=== MATERIAL PROVIDED ===

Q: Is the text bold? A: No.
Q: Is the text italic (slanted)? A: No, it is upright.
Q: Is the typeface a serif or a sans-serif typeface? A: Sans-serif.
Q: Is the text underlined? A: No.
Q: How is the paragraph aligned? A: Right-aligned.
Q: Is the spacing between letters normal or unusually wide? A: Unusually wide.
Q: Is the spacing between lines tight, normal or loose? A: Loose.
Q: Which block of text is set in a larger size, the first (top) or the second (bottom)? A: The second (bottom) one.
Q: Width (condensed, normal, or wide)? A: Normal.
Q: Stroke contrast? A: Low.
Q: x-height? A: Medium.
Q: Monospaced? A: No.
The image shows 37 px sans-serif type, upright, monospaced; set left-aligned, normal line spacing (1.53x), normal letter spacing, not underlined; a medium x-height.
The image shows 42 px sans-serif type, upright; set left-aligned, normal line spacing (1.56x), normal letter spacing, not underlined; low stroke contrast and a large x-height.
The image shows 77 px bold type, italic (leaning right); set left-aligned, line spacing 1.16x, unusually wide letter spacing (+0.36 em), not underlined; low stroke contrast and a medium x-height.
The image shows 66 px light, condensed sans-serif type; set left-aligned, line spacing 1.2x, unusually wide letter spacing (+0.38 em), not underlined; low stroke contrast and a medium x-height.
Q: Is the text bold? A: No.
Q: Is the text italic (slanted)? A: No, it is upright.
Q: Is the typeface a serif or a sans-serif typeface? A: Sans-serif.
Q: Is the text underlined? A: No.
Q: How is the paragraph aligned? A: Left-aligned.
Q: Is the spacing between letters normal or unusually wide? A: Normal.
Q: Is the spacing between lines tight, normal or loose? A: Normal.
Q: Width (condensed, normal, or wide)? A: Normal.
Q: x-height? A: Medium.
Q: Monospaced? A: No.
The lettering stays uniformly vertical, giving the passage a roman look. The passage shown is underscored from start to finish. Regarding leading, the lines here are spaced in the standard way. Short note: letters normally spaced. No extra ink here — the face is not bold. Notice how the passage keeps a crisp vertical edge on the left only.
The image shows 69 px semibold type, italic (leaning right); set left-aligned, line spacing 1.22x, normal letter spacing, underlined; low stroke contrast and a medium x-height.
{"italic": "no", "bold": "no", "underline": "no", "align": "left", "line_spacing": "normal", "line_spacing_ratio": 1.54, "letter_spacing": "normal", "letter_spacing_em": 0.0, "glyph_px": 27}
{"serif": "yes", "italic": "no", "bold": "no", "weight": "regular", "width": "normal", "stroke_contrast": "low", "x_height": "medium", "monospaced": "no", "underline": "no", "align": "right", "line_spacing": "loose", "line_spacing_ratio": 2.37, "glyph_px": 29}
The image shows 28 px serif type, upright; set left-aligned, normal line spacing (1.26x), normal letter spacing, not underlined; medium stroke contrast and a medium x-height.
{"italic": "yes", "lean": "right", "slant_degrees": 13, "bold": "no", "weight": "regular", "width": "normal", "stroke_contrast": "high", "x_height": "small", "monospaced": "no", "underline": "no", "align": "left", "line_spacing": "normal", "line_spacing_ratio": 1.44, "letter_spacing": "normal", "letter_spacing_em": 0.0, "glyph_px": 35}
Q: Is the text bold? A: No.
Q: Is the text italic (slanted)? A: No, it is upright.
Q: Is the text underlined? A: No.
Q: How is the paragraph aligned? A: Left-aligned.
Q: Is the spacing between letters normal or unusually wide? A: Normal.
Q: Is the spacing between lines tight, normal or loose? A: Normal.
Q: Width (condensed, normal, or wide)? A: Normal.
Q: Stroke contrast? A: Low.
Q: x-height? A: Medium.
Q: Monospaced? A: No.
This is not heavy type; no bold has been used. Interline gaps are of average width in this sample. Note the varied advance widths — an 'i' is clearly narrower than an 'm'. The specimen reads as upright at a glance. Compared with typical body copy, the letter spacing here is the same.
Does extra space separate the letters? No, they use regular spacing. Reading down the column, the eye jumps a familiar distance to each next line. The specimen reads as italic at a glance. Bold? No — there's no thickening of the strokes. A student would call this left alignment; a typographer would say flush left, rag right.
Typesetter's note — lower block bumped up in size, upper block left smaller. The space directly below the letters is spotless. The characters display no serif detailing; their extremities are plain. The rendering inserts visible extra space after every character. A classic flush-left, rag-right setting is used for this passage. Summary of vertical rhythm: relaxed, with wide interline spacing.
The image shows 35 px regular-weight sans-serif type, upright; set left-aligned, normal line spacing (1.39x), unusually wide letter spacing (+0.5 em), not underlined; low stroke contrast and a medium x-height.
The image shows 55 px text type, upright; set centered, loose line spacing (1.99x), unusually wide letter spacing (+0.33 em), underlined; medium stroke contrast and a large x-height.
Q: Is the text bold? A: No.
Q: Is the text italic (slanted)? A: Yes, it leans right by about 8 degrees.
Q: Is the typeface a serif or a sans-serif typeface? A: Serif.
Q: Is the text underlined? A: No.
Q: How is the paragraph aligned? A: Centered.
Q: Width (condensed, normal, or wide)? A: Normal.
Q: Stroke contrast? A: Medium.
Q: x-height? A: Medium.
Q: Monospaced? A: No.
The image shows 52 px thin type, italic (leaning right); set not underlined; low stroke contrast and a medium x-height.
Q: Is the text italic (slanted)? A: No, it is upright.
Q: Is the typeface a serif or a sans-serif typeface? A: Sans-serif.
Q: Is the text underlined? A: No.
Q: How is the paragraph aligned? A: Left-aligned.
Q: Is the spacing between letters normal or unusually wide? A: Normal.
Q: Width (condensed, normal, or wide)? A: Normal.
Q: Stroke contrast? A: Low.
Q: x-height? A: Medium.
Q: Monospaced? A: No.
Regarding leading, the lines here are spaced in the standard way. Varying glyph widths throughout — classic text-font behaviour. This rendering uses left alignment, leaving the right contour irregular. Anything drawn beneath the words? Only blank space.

===

§ **PROBLEM REQUIREMENTS**
Nothing but the lines with "aligned" should be returned, copied from the entries above.

§ **ANSWER BELOW**
Q: How is the paragraph aligned? A: Right-aligned.
The image shows 37 px sans-serif type, upright, monospaced; set left-aligned, normal line spacing (1.53x), normal letter spacing, not underlined; a medium x-height.
The image shows 42 px sans-serif type, upright; set left-aligned, normal line spacing (1.56x), normal letter spacing, not underlined; low stroke contrast and a large x-height.
The image shows 77 px bold type, italic (leaning right); set left-aligned, line spacing 1.16x, unusually wide letter spacing (+0.36 em), not underlined; low stroke contrast and a medium x-height.
The image shows 66 px light, condensed sans-serif type; set left-aligned, line spacing 1.2x, unusually wide letter spacing (+0.38 em), not underlined; low stroke contrast and a medium x-height.
Q: How is the paragraph aligned? A: Left-aligned.
The image shows 69 px semibold type, italic (leaning right); set left-aligned, line spacing 1.22x, normal letter spacing, underlined; low stroke contrast and a medium x-height.
The image shows 28 px serif type, upright; set left-aligned, normal line spacing (1.26x), normal letter spacing, not underlined; medium stroke contrast and a medium x-height.
Q: How is the paragraph aligned? A: Left-aligned.
The image shows 35 px regular-weight sans-serif type, upright; set left-aligned, normal line spacing (1.39x), unusually wide letter spacing (+0.5 em), not underlined; low stroke contrast and a medium x-height.
Q: How is the paragraph aligned? A: Centered.
Q: How is the paragraph aligned? A: Left-aligned.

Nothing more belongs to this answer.